К 150-летию Киплинга отношение двойственное. С одной стороны, он бесспорно самый талантливый писатель Британской империи, с другой – он ее главный апологет. Киплинга, однако, нельзя разделить, его можно только понять – разумеется, на его условиях.
В его творчестве произошло подспудное превращение приключенческой прозы в колониальную поэзию. Цена цивилизации, – говорит она, – чудовищна, но другого выхода нет, ибо история ведет в одну сторону. Оправдать и цивилизацию, и историю может лишь давно утраченная пристыженным Западом вера в себя. Как написал другой автор имперской темы Джозеф Конрад, Запад "искупает только идея, на которую он опирается, – не сентиментальное притворство, но идея".
Эту идею называли так: "бремя белого человека". Но на всю империю, причем не только Британскую, одному Киплингу хватило таланта, чтобы убедить в ней читателя. Сегодня даже сами индийцы считают "Кима" лучшим романом об их стране. Остальные от Киплинга о ней впервые и услышали – в раннем детстве, когда нам читают "Маугли".
В любимой и бессмертной "Книге джунглей" колониальная история сгущена до мифа и упрощена до сказки. Человеческий детеныш заброшен в мир его меньших братьев. Лишенный клыков, зубов, хвоста и шерсти, он улыбается волкам, потому что ничего не боится. Даже голый, как лягушка, от которой он получил свое имя, Маугли – венец творения. Он стоит буйвола, заплаченного Багирой, ибо за ним – великое будущее подлинного хозяина джунглей.

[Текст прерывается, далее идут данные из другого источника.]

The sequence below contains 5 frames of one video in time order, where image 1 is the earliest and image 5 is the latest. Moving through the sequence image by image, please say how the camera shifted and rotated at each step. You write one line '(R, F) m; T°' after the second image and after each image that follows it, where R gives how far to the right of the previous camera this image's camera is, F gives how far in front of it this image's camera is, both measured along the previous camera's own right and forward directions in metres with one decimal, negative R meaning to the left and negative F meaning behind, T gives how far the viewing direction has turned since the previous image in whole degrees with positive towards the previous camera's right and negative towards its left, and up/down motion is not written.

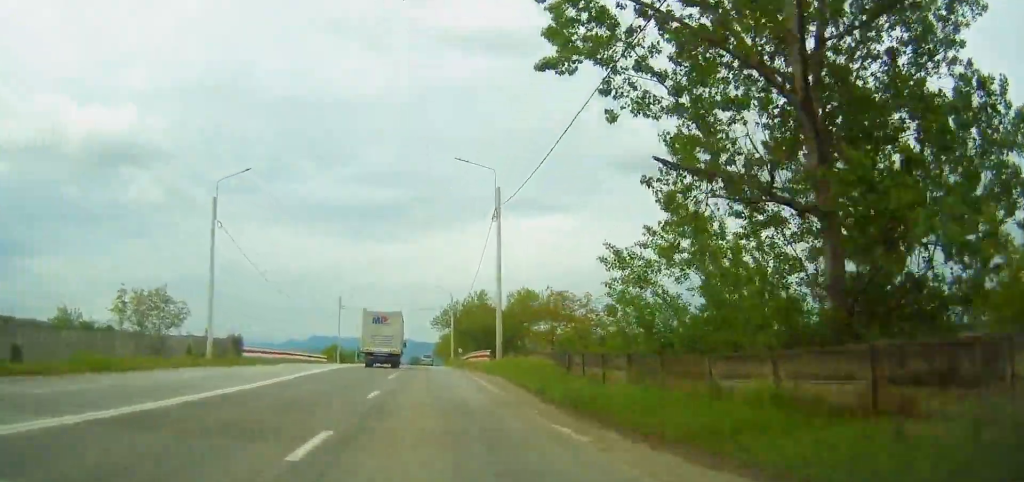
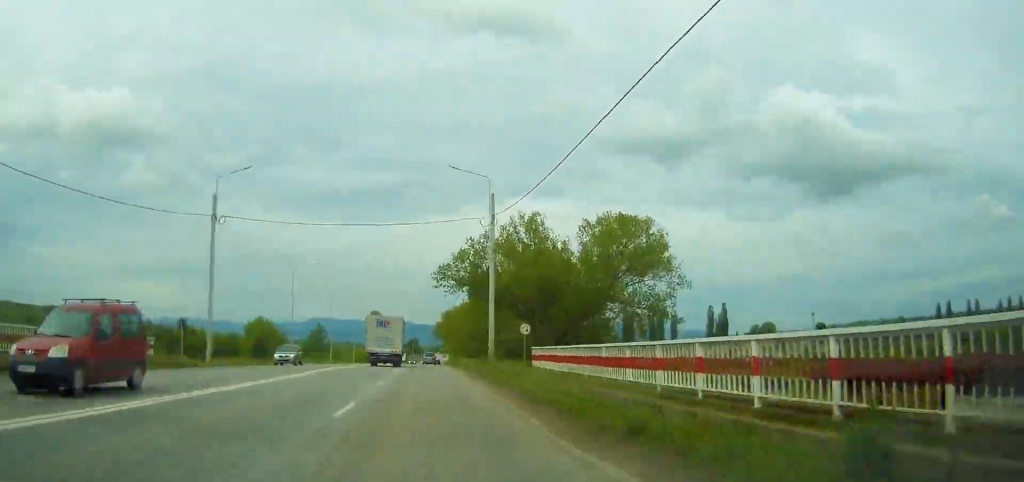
(-3.8, +90.1) m; -2°
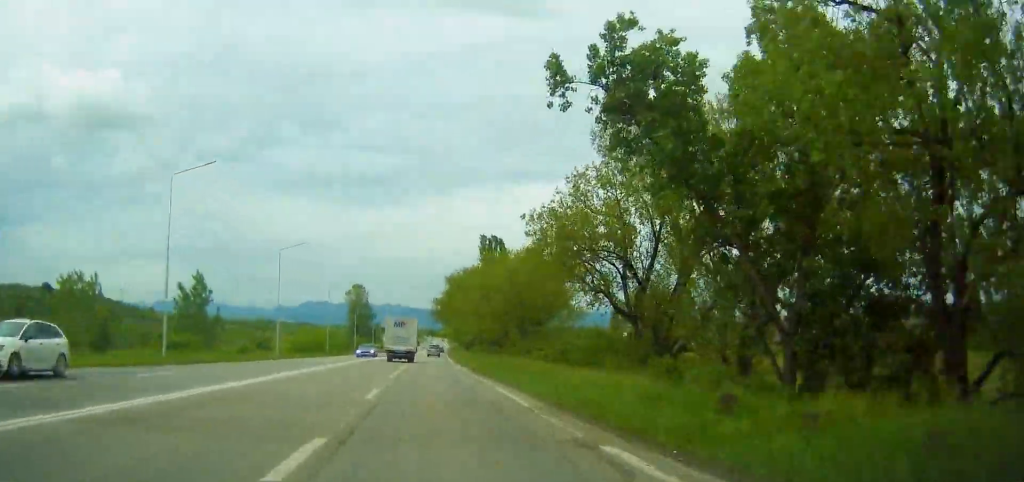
(+1.5, +69.4) m; +2°
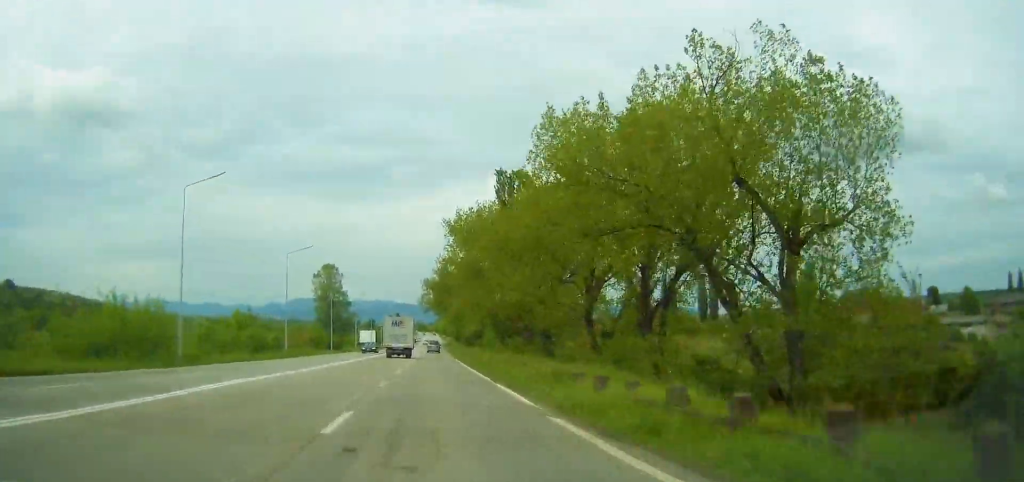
(+0.1, +51.9) m; +1°
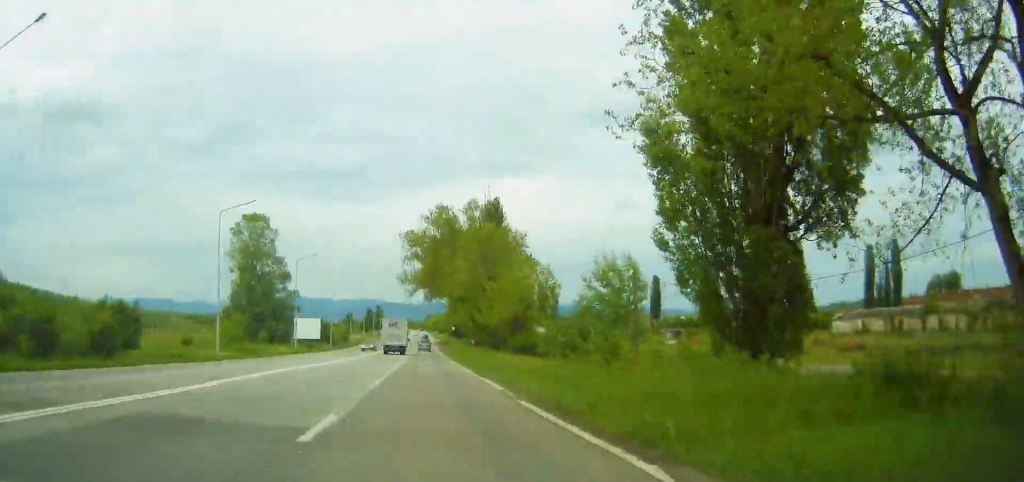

Поскольку сам Киплинг видел их, как и мы, лишь на картинках, он вообразил джунгли первобытным лесом, жестоким – ветхозаветным – Эдемом. Здесь убивают, чтобы есть, знают цену мести и презирают силу без чести. Современники Киплинга считали тигра Шерхана Гитлером, а шакала Табаки – Муссолини. Но, несмотря на них, джунгли – разумно устроенная утопия, в которой царит рациональный, как у Платона, Закон, "никогда не приказывающий чего-либо беспричинно". Закон, например, позволяет "зверям есть человека, только когда зверь убивает его, желая показать своим детям, как это надо делать".
Маугли принимает Закон без возражений, как условие выживания в джунглях. Он учился в их школе, пока "все для мальчика стало так же важно и понятно, как конторская работа для дельца".
Тут надо напомнить, что для Киплинга делец – это хорошо, это рыцарь колоний. Не зря автор "Департаментских песен" стал первым поэтом, сумевшим переложить в стихи черновую работу цивилизации:
Шестьдесят процентов,
не меньше, приносил мне прокатный вал.
Шестьдесят процентов с браковкой,
вдвое больше, чем дало б литье.
Освоив вместо бухгалтерии звериный язык, Маугли каждому встречному говорит "мы одной крови", но это – не правда. Сам он по Киплингу принадлежит к высшей – человеческой – расе, поэтому ни один зверь не может вынести человеческого взгляда. Придя, как англичане, в чужой мир, Маугли покорил его именно так, как мечтал Киплинг: умом и лаской. Уважая прежний порядок, Маугли подмял его под себя, заменив вожака волчьей стаи. Благодаря ему старое и новое в джунглях слилось в гармонию, исключенным из которой оказалось лишь загадочное на первый взгляд племя бандерлогов. В джунглях, где у всех, даже кобр, есть свое законное место, обезьяны – изгои. О них не говорят в приличном зверином обществе: "Обезьяны – отверженные. Они называют себя великим народом, готовым свершить великие дела в джунглях, но падает орех, им делается смешно, и они все забывают".
Бандерлоги – пародия природы, карикатура на людей, они – полудикари, фальшивые наследники, бездумно живущие в руинах чужого города и самонадеянно считающего его своим: “Обезьяны часто садились кружками в зале совета короля, чесались, отыскивали блох и притворялись людьми. Иногда же то вбегали в дома без крыш, то выбегали из них, складывали куда-нибудь куски штукатурки и старые кирпичи, тотчас же забывая, куда спрятали их".
Примерно так Киплинг представлял себе постколониальный мир, из которого вычли не только Маугли, но и его автора – даже в дни юбилея.